Can You Gift Your Home to Your Children Before Death?
Gifting the family home to children before death is one of the most common estate planning instincts — and one of the most commonly misexecuted. It appears to remove the largest asset from your estate, reducing inheritance tax. In practice, it frequently achieves nothing on the IHT front, creates an Islamic equal treatment problem, and can leave the family worse off than if nothing had been done.
The HMRC gift with reservation of benefit (GROB) trap
HMRC applies the gift with reservation of benefit rules under the Finance Act 1986, s.102. The rule is simple: if you give away an asset but continue to benefit from it, HMRC treats the asset as still part of your estate for inheritance tax purposes — regardless of whether legal title has transferred.

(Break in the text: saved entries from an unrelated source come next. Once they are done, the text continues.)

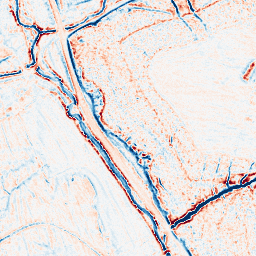
Category: edge_preserving
Decomposition family: bilateral
Decomposition parameters: d: 9
sigma_color: 100
sigma_space: 100
Upsampling method: bspline
Upsampling parameters: scale: 8
Upsampling scale: 8
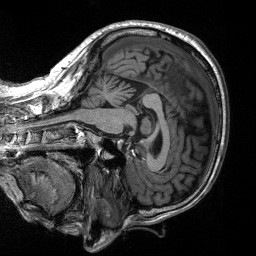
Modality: T1w
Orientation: sagittal
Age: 59
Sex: male
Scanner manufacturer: siemens
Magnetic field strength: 3 T
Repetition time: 2.53 s
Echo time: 0.00219 s
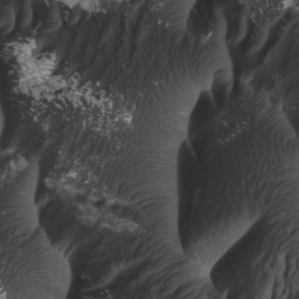
Label: non_frost
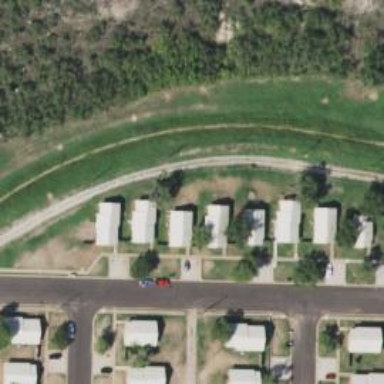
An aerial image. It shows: Alley classified as service road.
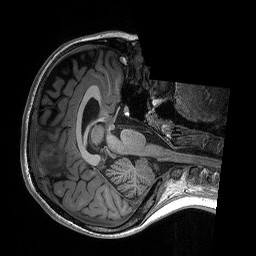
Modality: T1w
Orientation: axial
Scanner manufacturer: siemens
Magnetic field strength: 3 T
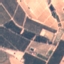
Land use / land cover class: PermanentCrop
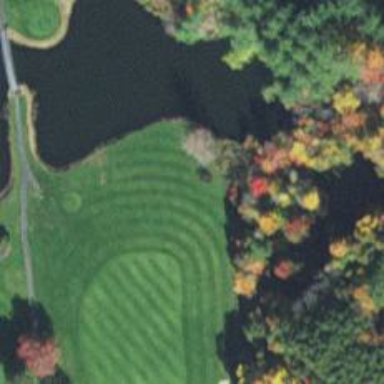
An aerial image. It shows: Scenic view of water hazard on golf course. The natural water feature adds beauty to the landscape.
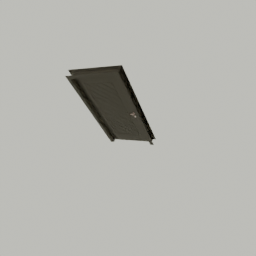
Label: architecture

The most common scenario: a parent transfers their house to their children via a Land Registry Form TR1, but continues to live in the house rent-free. Under GROB, the house remains in the parent’s taxable estate. The legal title transfer was real, but the IHT benefit is entirely lost. When the parent dies, the house is valued and taxed as if it was still theirs.

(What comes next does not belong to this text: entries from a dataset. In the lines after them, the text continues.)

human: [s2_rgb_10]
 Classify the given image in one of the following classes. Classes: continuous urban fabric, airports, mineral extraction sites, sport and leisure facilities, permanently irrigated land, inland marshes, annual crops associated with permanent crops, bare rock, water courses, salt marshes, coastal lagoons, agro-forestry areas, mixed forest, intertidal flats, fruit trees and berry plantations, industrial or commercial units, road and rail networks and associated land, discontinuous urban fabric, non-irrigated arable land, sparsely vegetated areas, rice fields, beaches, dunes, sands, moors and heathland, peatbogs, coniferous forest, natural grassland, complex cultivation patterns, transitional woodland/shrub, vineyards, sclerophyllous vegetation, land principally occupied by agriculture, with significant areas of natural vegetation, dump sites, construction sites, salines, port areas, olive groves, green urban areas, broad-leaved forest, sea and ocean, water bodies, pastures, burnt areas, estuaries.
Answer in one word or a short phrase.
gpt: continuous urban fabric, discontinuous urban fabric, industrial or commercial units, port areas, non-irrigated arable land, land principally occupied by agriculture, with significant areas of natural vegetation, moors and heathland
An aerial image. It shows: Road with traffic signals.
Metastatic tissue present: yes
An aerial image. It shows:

The only way to avoid GROB is to pay full market rent to the new owners (the children) from the date of transfer. Full market rent means what a commercial landlord would charge for the same property in the same area — verified by a surveyor or local rental comparables. A nominal amount, or a below-market payment “to help with bills,” does not satisfy HMRC and the GROB treatment continues.
What the correct process looks like
- Transfer legal title by completing Land Registry Form TR1 (transfer of whole of registered title) and filing with HMRC Stamp Duty Land Tax return if applicable.
- Obtain a market rent valuation from a RICS-qualified surveyor or lettings agent at the time of transfer.
- Pay full market rent every month by bank transfer, and keep all bank records — HMRC will ask for these if the estate is investigated after death.
- Review the rent annually as market rents change. Falling below market rent at any point re-triggers GROB.
- The 7-year IHT clock starts from the date of the TR1 transfer — if the donor survives seven years and is paying full market rent throughout, the gift is outside the estate for IHT.
The Islamic equal treatment problem
A property gift to one child — even perfectly structured for IHT purposes — violates the equal treatment rule unless the other children receive equivalent value simultaneously. In practice, this means either:
- Giving equivalent cash gifts to the non-property-recipient children at the same time (and starting their 7-year clocks simultaneously), or
- Making a documented record of the justification (e.g. the child receiving the house is the live-in carer and the arrangement is compensation for that), which a scholar has confirmed is a valid Shari‘a reason for differential gifting.
Scenario: parents gift £400,000 home to eldest son, continue living there
Scenario — GROB trap
- Asset
- £400,000 family home, transferred to eldest son via Form TR1
- Occupancy after transfer
- Parents continue to live in property rent-free
- Other children
- Two daughters — receive no equivalent gift
- IHT threshold
- Combined NRB and RNRB: £500,000 (couple, using spouse exemption and residential nil-rate band)
- Estate at death
- £600,000 including house
IHT outcome: GROB applies — the house remains in the estate. Taxable estate = £600,000 − £500,000 thresholds = £100,000. IHT = £40,000. The IHT benefit of the transfer was zero.
Islamic outcome: Equal treatment rule violated (two daughters received nothing). Eldest son received a gift worth £400,000; daughters received nothing. Any scholar asked to assess the estate would note this as a significant violation.
What should have been done: Transfer the house, commence paying full market rent (e.g. £1,500/month), give the two daughters £400,000 equivalent in cash or assets simultaneously (or over time using annual IHT exemptions), and run the 7-year clocks on all three gifts concurrently.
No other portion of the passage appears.